The Facts About The Death of Osama bin Laden

Obama: “I Said That We’d Go After bin Laden if We Had a Clear Shot at Him and I Did.”

This week marks the one-year anniversary of the death of Osama bin Laden. The president’s campaign has taken the opportunity to remind the American people of one of his greatest achievements, as well as Mitt Romney’s very different record on the issue. As a result, the Romney campaign and some in the media like Arianna Huffington have accused the president of “politicizing” the occasion.

Here are the facts.

  • FACT: President Bush turned his focus toward Iraq and the trail for Osama bin Laden went “stone cold.”

Just a few months after we were attacked on 9/11, President Bush remarked:

Who knows if he’s hiding in some cave or not. We haven’t heard from him in a long time. The idea of focusing on one person really indicates to me people don’t understand the scope of the mission. Terror is bigger than one person. He’s just a person who’s been marginalized. … I don’t know where he is. I really just don’t spend that much time on him, to be honest with you.

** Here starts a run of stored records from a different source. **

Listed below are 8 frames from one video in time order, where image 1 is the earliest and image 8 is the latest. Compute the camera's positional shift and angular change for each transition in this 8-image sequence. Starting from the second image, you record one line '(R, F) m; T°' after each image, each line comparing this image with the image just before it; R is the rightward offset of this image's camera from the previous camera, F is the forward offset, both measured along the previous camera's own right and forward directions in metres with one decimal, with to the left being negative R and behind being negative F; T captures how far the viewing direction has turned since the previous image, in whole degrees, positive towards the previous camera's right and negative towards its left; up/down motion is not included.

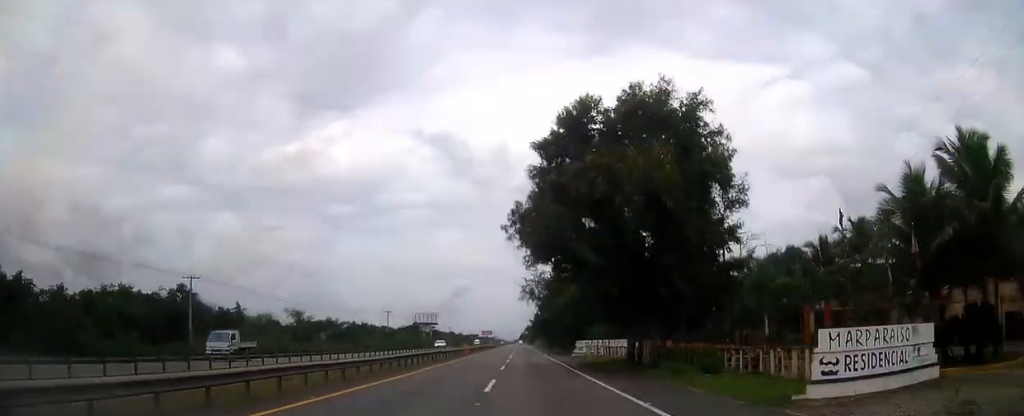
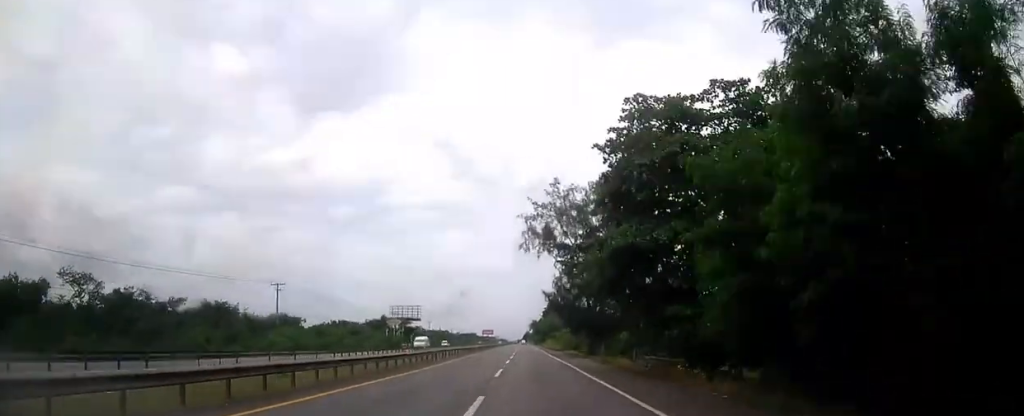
(-0.5, +73.8) m; 0°
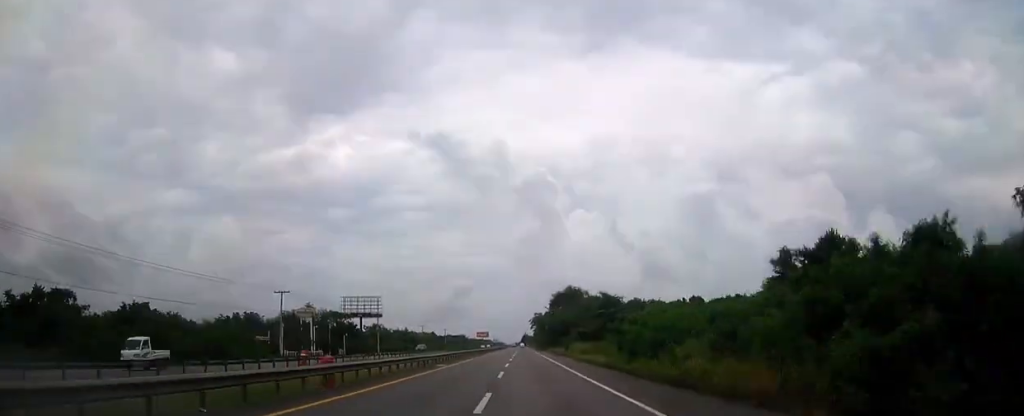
(-0.2, +77.1) m; 0°
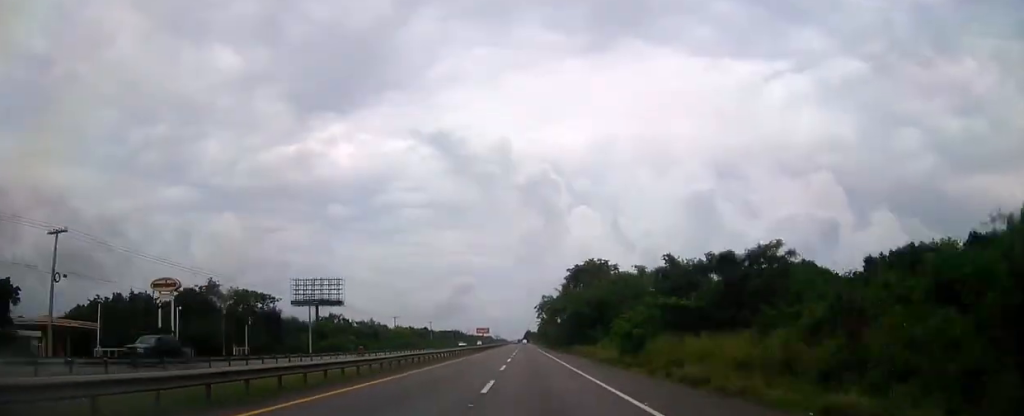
(+0.1, +50.4) m; 0°
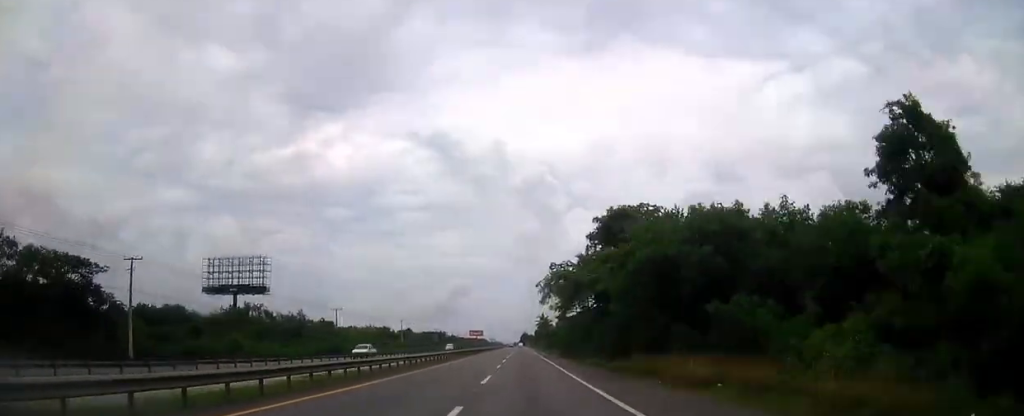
(+0.2, +47.1) m; 0°
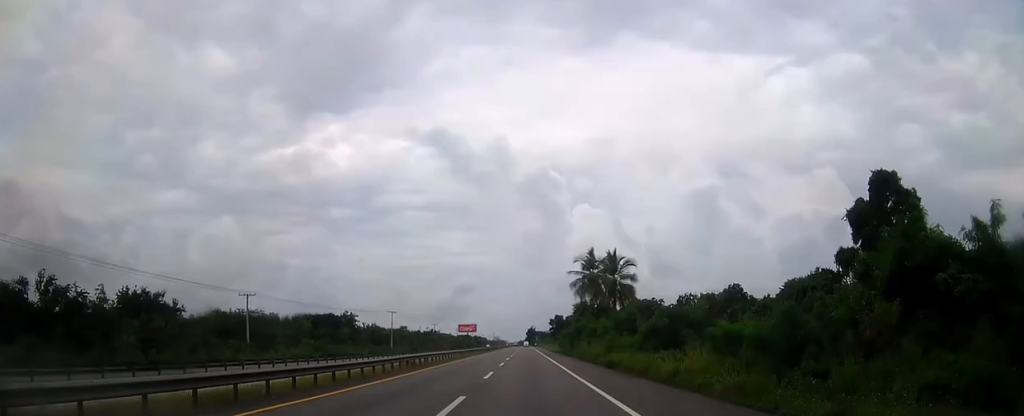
(-0.4, +171.6) m; 0°
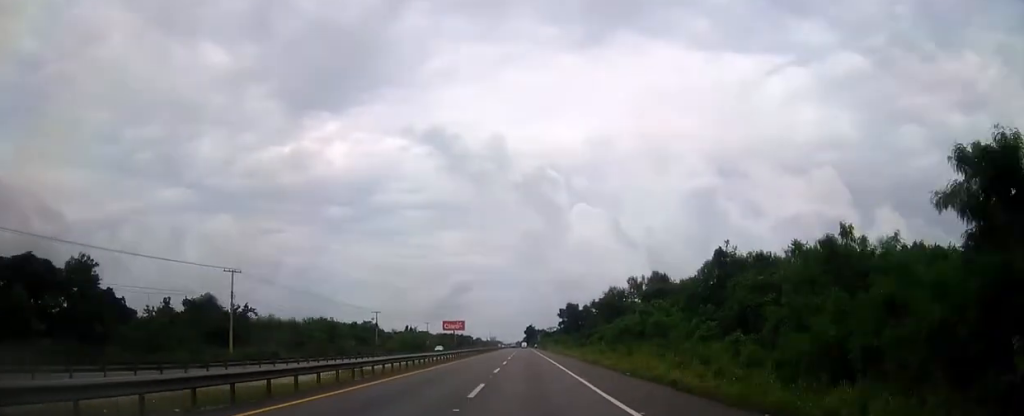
(+0.3, +87.8) m; 0°
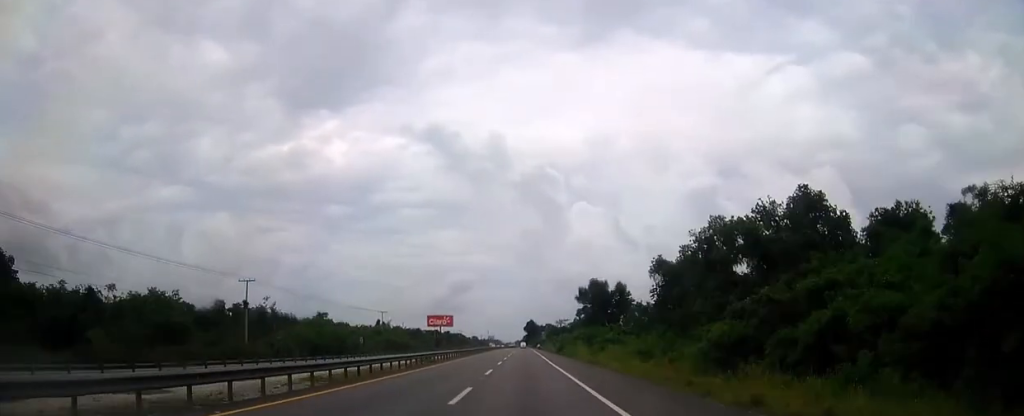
(-0.1, +69.2) m; 0°

The Bush administration, of course, blew a huge opportunity to capture bin Laden early in the War in Afghanistan when bin Laden was allowed to escape from Tora Bora after pleas from commanders and intelligence officials for more resources were rebuffed by top Bush national security officials. In 2005, Bush passed on a mission to capture “senior members of Al Qaeda” in 2005 because “it was too risky and could jeopardize relations with Pakistan.” Later that year, the CIA shuttered its bin Laden unit entirely as part of a broader shift in resources toward Iraq. By 2006, Bush told Fred Barnes of the Weekly Standard that capturing bin Laden was “not a top priority use of American resources.” By late 2006, bin Laden’s trail had gone “stone cold.”

See the complete bin Laden timeline here.

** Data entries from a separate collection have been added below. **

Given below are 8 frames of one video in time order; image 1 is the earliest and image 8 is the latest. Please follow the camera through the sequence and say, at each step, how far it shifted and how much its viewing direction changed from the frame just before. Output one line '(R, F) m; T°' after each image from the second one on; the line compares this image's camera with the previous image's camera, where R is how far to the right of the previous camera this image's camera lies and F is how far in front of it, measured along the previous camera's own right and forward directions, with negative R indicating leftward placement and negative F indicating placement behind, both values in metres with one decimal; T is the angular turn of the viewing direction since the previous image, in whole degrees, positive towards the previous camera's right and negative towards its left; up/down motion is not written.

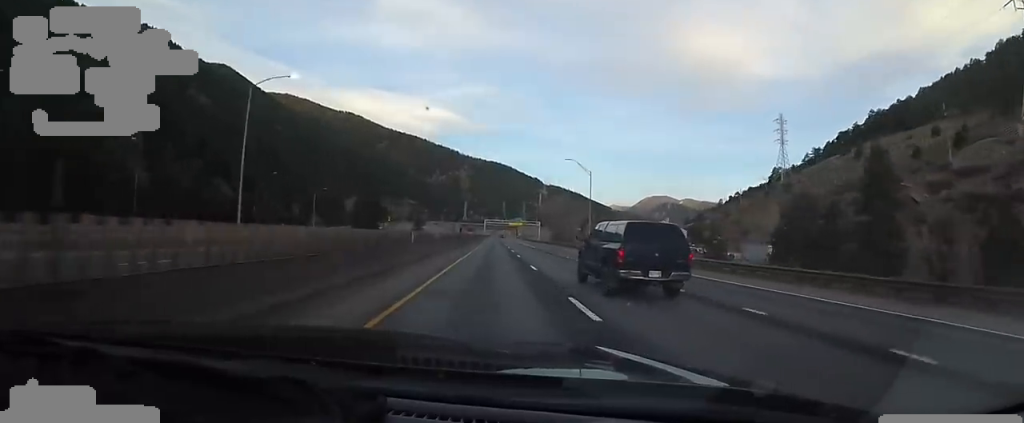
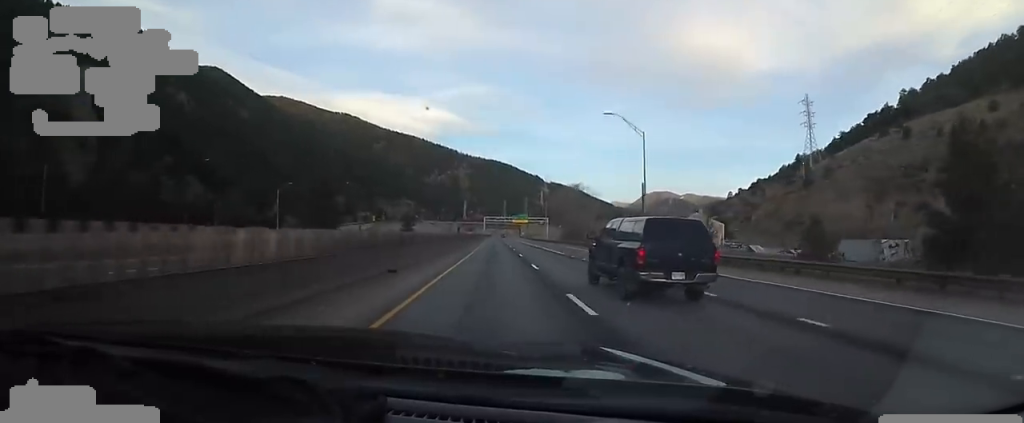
(+0.2, +24.8) m; -1°
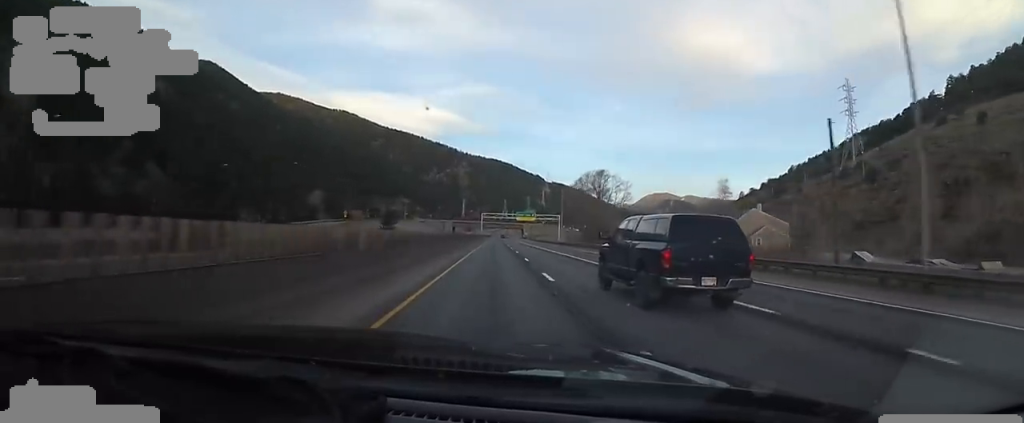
(-0.8, +29.9) m; -1°
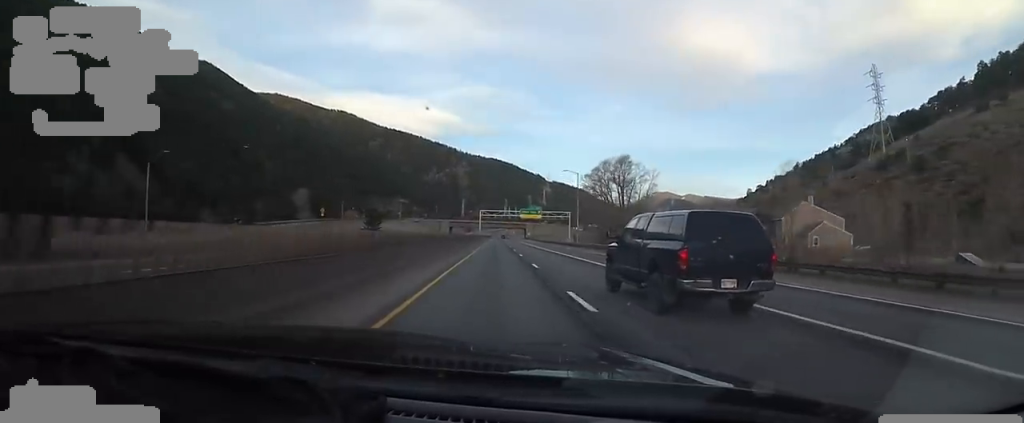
(-0.2, +17.6) m; 0°
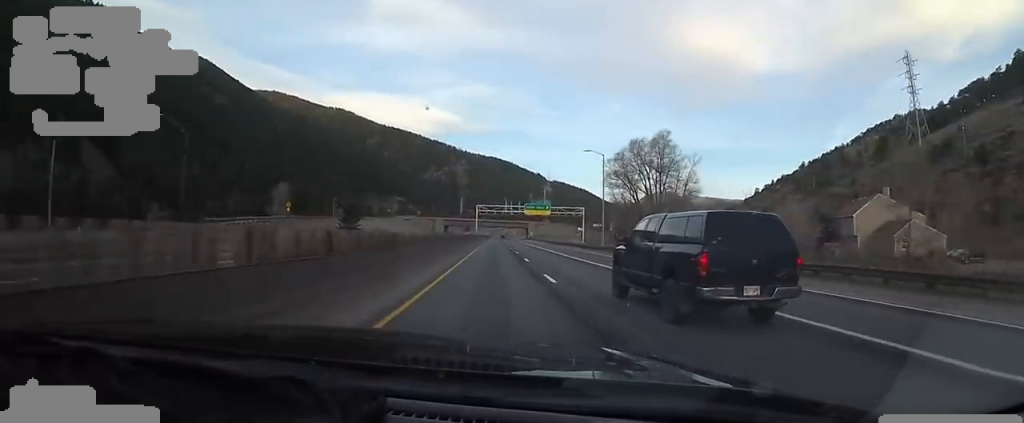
(+0.6, +18.6) m; +1°
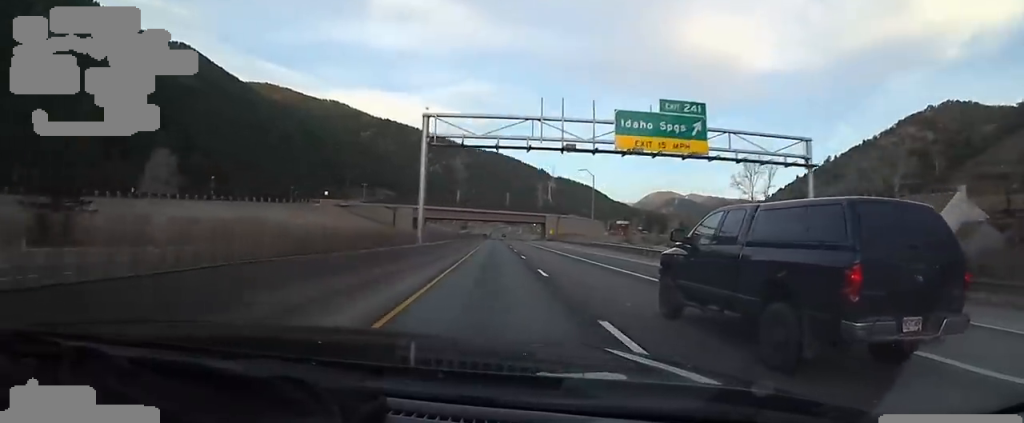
(-0.7, +71.4) m; -1°
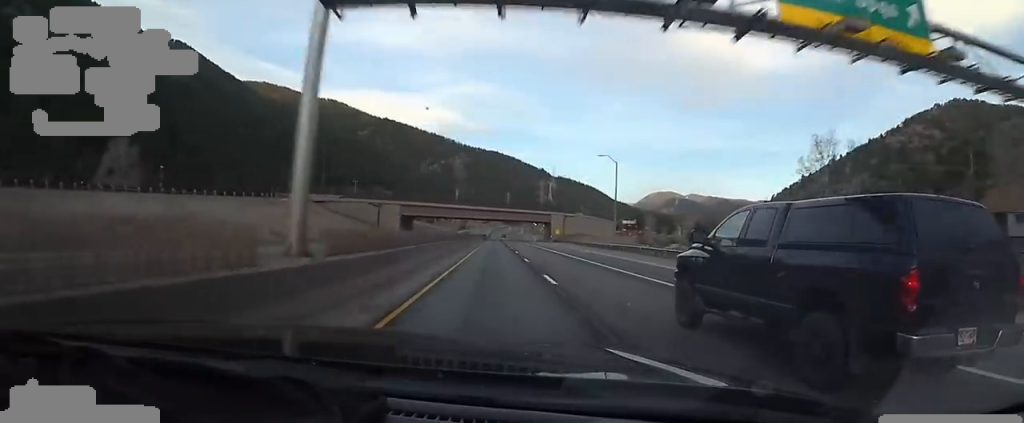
(+0.3, +14.8) m; -1°
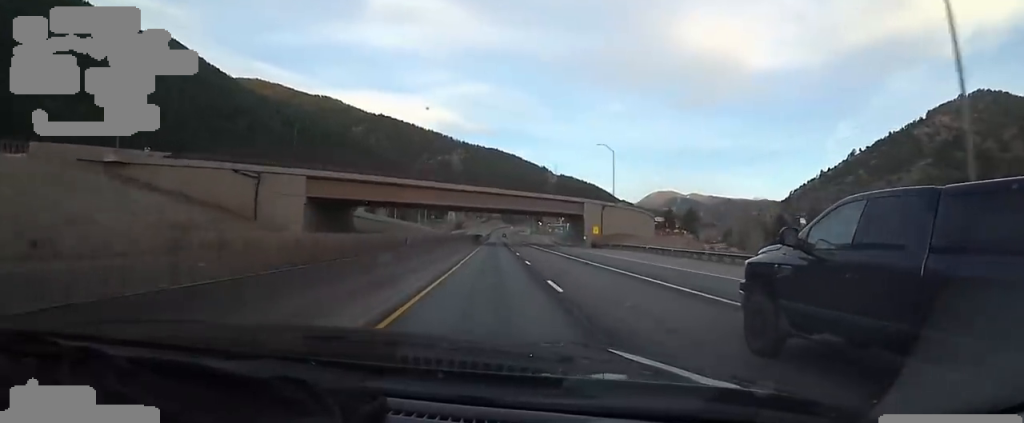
(-0.9, +49.8) m; +1°

  • FACT: President Obama ordered the military to kill Osama bin Laden and Osama bin Laden is dead.

During the 2008 campaign, the president promised that “if we have actionable intelligence about high-level al Qaeda targets in Pakistan’s border region, we must act if Pakistan will not or cannot.” During an October 2008 debate with Sen. John McCain (R-AZ), the president stated:

We will kill bin Laden. We will crush al Qaeda. That has to be our biggest national security priority.

As he brought the Iraq War to a responsible end, the president refocused attention back toward the terrorists that attacked us on 9/11 and those who still seek to do us harm. Making good on his promise, President Obama made the decision to order a daring raid into Pakistan and brave members of our military killed Osama bin Laden.

  • FACT: In 2007, Mitt Romney publicly attacked Obama for proposing the very tactic that ultimately killed bin Laden.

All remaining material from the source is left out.